Mutual coverage index

## Mutual Coverage Index The **mutual coverage index** measures the overall coverage between two sequences. This index ranges from **0** to **1**: - **0**: poor coverage — the query and subject sequences are barely covered by the alignment - **1**: perfect coverage — both sequences are completely covered by the alignment It is calculated as: $$ coverageIndex = \frac{queryCoverage + subjectCoverage}{2} $$ Where: - **`coverageIndex`**: mutual coverage index - **`queryCoverage`**: coverage proportion of the query sequence - **`subjectCoverage`**: coverage proportion of the subject sequence

Disparity index

## Disparity Index The **disparity index** measures the alignment balance between the query and subject sequences. \ It indicates whether the alignment covers both sequences evenly.
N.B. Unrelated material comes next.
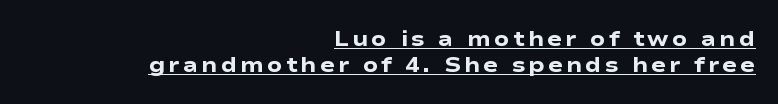
The image shows 22 px bold type, upright; set right-aligned, line spacing 1.2x, underlined.

The index ranges from **0** to **1**: - **0**: the alignment covers the query and subject sequences equally - **1**: there is a large difference between the coverage of the query and subject sequences It is calculated as: $$ disparityIndex = \left| queryCoverage - subjectCoverage \right| $$ Where: - **`disparityIndex`**: disparity index - **`queryCoverage`**: coverage proportion of the query sequence - **`subjectCoverage`**: coverage proportion of the subject sequence

A few examples

| | Example 1 | Example 2 | Example 3 | |-----------------------|-----------|-----------|-----------| | querySequenceLength | 804 | 743 | 71 | | queryStartPosition | 1 | 617 | 1 | | queryStopPosition | 570 | 711 | 71 | | subjectSequenceLength | 570 | 722 | 532 | | subjectStartPosition | 1 | 431 | 460 | | subjectStopPosition | 570 | 527 | 532 | #### Example 1 Given an alignment with the following positions: $$ queryCoverage = \frac{570 - 1 + 1}{804} = \frac{570}{804} \approx 0.709 $$ $$ subjectCoverage = \frac{570 - 1 + 1}{570} = \frac{570}{570} = 1 $$ The **mutual coverage index** is: $$ coverageIndex = \frac{0.709 + 1}{2} \approx 0.854 $$ The **disparity index** is: $$ disparityIndex = |0.709 - 1| \approx 0.291 $$ - The **coverage index** of ~0.85 indicates that a large portion of both sequences is included in the alignment, suggesting good overall coverage. - The **disparity index** of ~0.29 shows that the query sequence is less covered than the subject sequence, highlighting some imbalance in the alignment. #### Example 2 Given an alignment with the following positions: $$ queryCoverage = \frac{711 - 617 + 1}{743} = \frac{95}{743} \approx 0.128 $$ $$ subjectCoverage = \frac{527 - 431 + 1}{722} = \frac{97}{722} \approx 0.134 $$ The **mutual coverage index** is: $$ coverageIndex = \frac{0.128 + 0.134}{2} \approx 0.131 $$ The **disparity index** is: $$ disparityIndex = |0.128 - 0.134| \approx 0.0065 $$ - The **disparity index** is close to 0, indicating that the two sequences are aligned over roughly the same proportion of their lengths. - The **coverage index** of ~0.13 shows that only a small portion of both sequences is included in the alignment, indicating poor overall alignment quality. #### Example 3 Given an alignment with the following positions: $$ queryCoverage = \frac{71 - 1 + 1}{71} = \frac{71}{71} = 1 $$ $$ subjectCoverage = \frac{532 - 460 + 1}{532} = \frac{73}{532} \approx 0.137 $$ The **mutual coverage index** is: $$ coverageIndex = \frac{1 + 0.137}{2} \approx 0.569 $$ The **disparity index** is: $$ disparityIndex = |1 - 0.137| \approx 0.863 $$ - The **coverage index** of ~0.57 indicates that, on average, just over half of the two sequences are covered by the alignment. - The **disparity index** is very high (~0.86), showing that the alignment is extremely imbalanced: the query sequence is fully covered, but the subject sequence is barely aligned. - This alignment would generally be considered low quality due to the imbalance.